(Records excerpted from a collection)
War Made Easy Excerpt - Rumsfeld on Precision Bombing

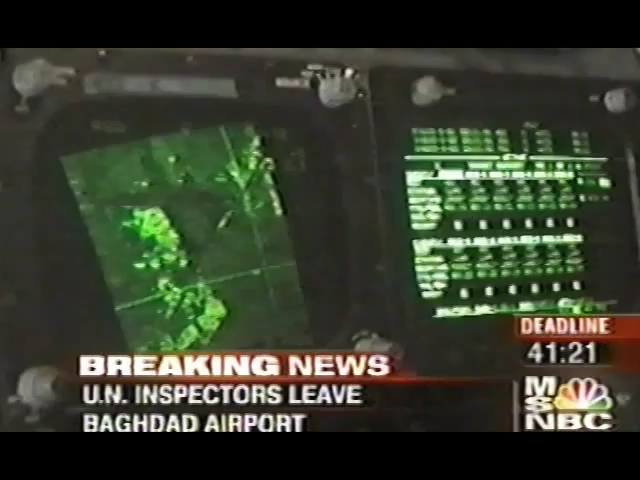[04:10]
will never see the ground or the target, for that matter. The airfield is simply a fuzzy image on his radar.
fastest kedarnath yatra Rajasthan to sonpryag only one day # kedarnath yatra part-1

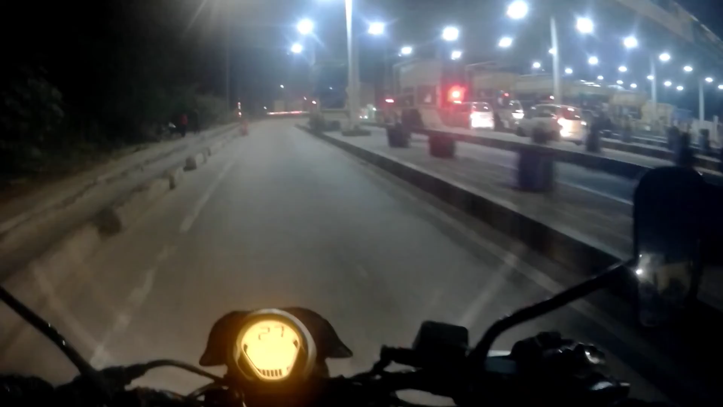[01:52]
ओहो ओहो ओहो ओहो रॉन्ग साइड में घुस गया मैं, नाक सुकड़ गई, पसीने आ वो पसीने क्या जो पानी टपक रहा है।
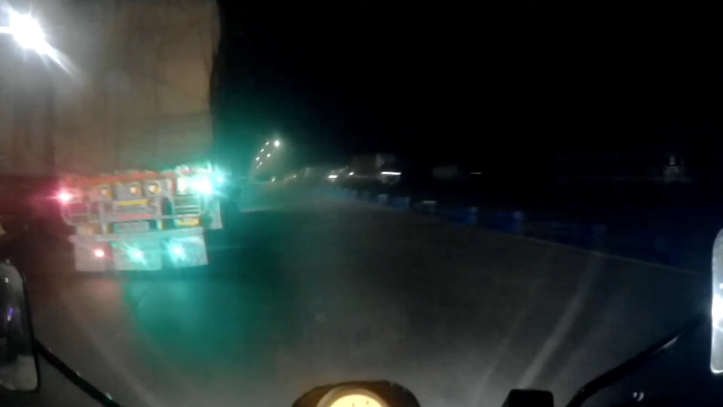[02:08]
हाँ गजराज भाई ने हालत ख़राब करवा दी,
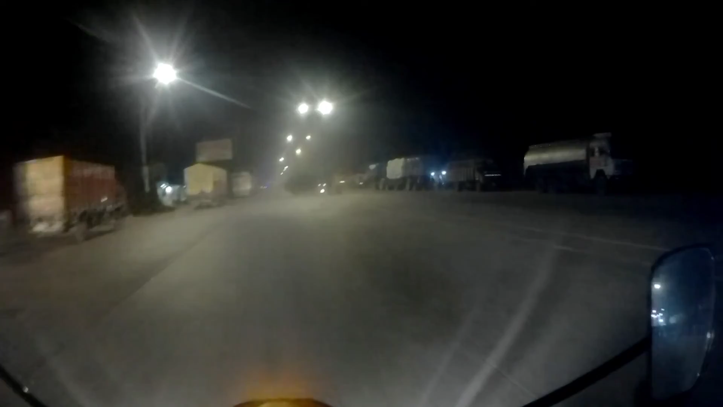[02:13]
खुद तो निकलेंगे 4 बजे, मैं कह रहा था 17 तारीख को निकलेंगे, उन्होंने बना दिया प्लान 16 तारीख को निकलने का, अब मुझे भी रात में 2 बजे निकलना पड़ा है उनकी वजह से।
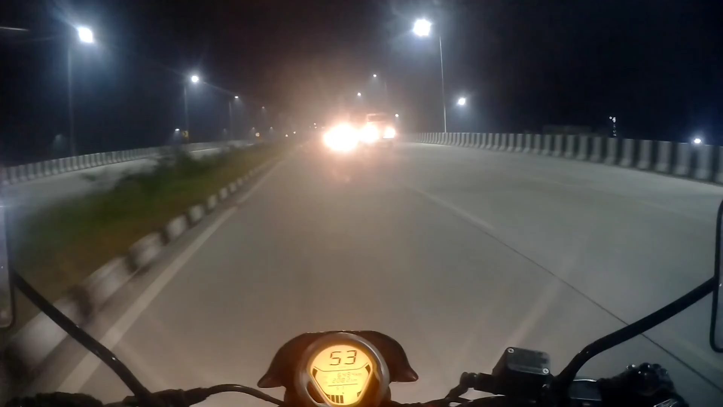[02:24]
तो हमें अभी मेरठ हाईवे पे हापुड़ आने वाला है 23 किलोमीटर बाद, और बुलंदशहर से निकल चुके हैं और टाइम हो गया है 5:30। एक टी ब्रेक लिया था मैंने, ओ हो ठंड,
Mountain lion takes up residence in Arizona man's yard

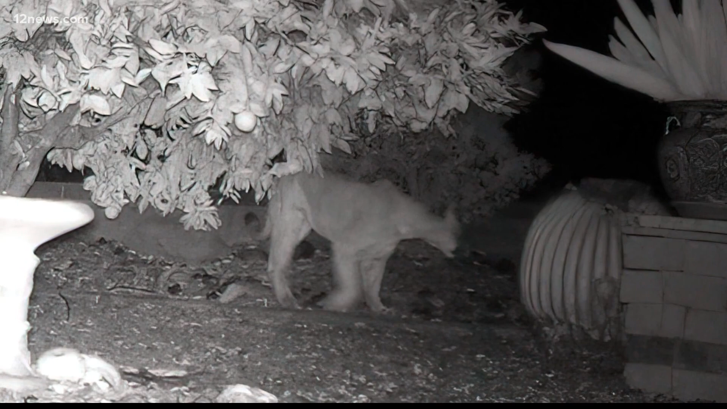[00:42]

* * *

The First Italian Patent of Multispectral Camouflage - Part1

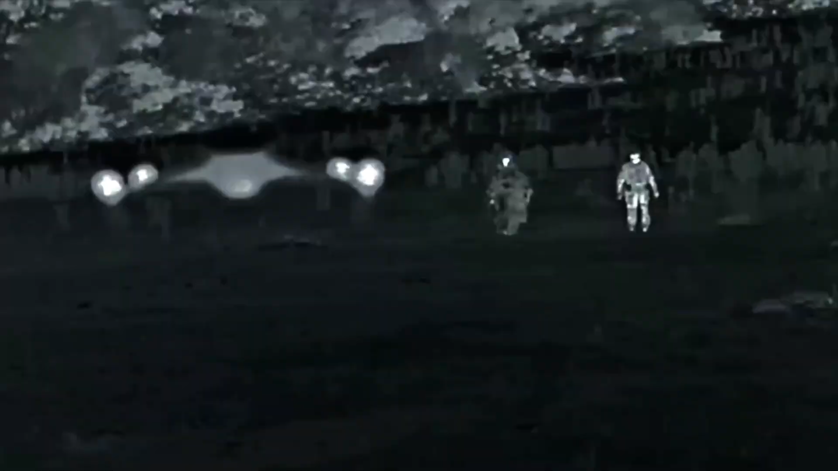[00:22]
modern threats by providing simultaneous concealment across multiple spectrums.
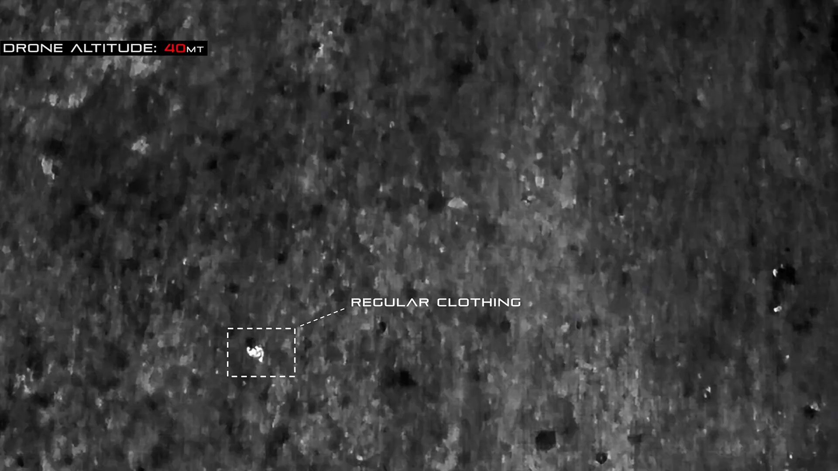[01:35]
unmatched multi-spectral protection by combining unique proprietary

...

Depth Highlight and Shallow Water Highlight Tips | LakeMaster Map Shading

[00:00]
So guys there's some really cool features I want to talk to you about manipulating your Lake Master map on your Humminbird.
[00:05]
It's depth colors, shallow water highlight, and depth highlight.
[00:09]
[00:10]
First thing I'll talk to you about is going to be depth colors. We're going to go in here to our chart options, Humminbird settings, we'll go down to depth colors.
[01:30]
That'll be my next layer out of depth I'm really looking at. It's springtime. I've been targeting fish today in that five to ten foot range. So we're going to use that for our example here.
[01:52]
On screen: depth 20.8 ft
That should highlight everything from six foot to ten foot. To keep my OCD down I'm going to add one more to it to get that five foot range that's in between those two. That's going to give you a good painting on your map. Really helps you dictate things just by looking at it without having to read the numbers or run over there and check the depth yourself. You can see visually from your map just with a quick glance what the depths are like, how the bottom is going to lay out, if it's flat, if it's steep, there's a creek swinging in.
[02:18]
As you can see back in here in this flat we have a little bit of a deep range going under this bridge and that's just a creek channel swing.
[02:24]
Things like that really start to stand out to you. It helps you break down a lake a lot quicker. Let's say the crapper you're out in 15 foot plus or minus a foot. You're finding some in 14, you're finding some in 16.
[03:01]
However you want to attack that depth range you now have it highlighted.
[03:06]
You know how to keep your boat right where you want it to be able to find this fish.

Work item:
What's needed is an exact copy of the lines above from the one with "War Made Easy" through the one with "fastest kedarnath yatra", both included; the pictures stay out.

Answer to the problem:
War Made Easy Excerpt - Rumsfeld on Precision Bombing

[04:10]
will never see the ground or the target, for that matter. The airfield is simply a fuzzy image on his radar.
fastest kedarnath yatra Rajasthan to sonpryag only one day # kedarnath yatra part-1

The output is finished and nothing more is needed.